Foregone interest = $20,000 * 0.06 = $1,200

Thus, Phil have to forego interest of $1,200 every year if he buys pharmacy.

In his own pharmacy as well, Phil works for 6 days a week and 50 weeks in a year.

So, Phil works for total (6*50) 300 days in a year in his own pharmacy as well.

Each day Phil commutes 1.5 hours in direction to and from work. So, everday Phil will use 3 hour of his own time on travel.

This way, in a year, Phil uses (300 days * 3 hour) 900 hours of his own time on travel.

He value his own time at $9 per hour. So, for each hour of travel, it costs $9 to Phil as per his own estimate.

So,

Cost of travel in a year = 900 hours * $9 per hour

                                 = $8,100

Apart from this, Phil also have to forego $40,000 that he is earning as salary in his present job.

These three (foregone interest, cost of travel and salary forgone) are implicit costs as they are incurred by Phil on resources that he himself supplied.

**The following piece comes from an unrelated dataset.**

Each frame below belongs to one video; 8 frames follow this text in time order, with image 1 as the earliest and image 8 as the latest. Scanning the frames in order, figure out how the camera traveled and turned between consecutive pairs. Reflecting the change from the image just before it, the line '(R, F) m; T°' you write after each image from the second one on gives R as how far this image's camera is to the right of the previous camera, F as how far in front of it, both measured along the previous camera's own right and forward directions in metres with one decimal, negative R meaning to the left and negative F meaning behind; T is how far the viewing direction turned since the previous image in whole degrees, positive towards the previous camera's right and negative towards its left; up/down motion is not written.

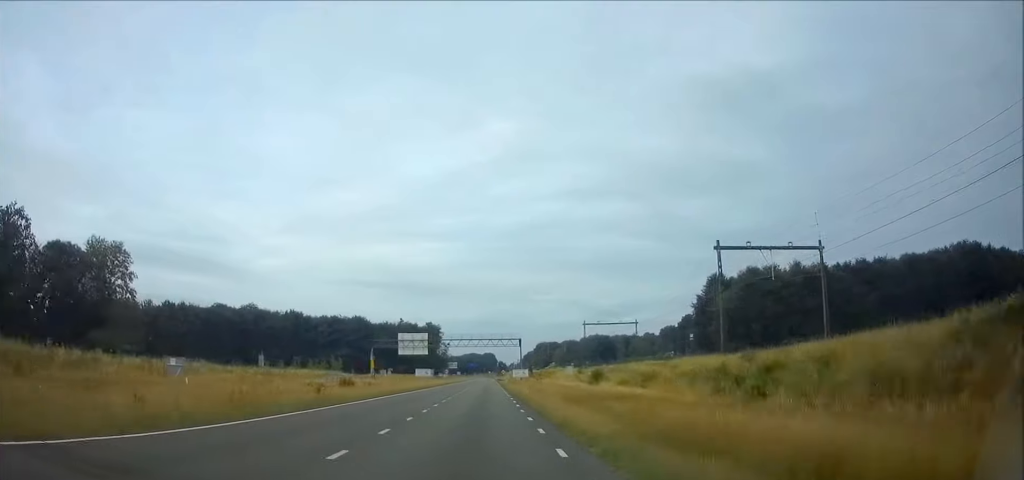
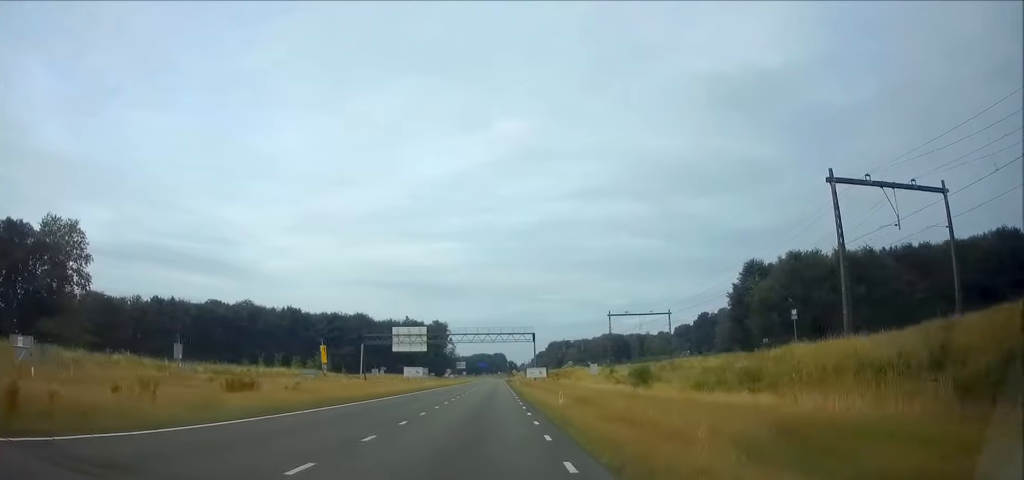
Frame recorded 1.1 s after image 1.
(0.0, +17.5) m; -1°
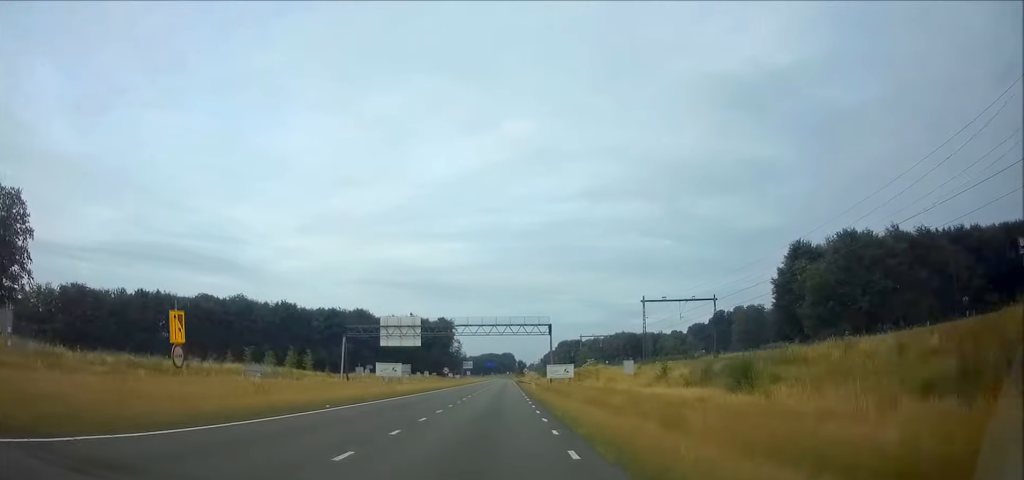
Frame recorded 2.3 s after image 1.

Calculate Total explicit cost of Phil for one year of opening the pahrmacy -

Total explicit cost = Interest paid to bank + Rent + Supplies purchased + salary of assitant + Payment for utilites

                          = $8,000 + $7,000 + $42,000 + $35,000 + $25,000

                          = $117,000

Calculate Total implicit cost of Phil for one year of opening the pahrmacy -

Total implicit cost = Foregone interest + Cost of travel + salsy foregone

                          = $1,200 + $8,100 + $40,000

                          = $49,300

Calculate Total cost of Phil for one year of opening the pahrmacy -

Total Cost = Total explicit cost + Total implicit cost = $117,000 + $49,300 = $166,300

Calculate Economic earning of Phil for one year of opening the pahrmacy -

Economic earning = Total revenue - Total Cost = $200,000 - $166,300 = $33,700

Thus, for the first year only, if Phil decides to open up his own pharmacy,economic income (or economic profit) his pharmacy will earn is $33,700.

(c) In his current job, economic income of phil is $34,600.

If Phil takes up job offer 1, his economic income will be $57,300.

If Phil open his own pharmacy then his economic income for the first year will be $33,700.

As economic income of Phil is highest in job offer 1, Phil should swithch to the new job.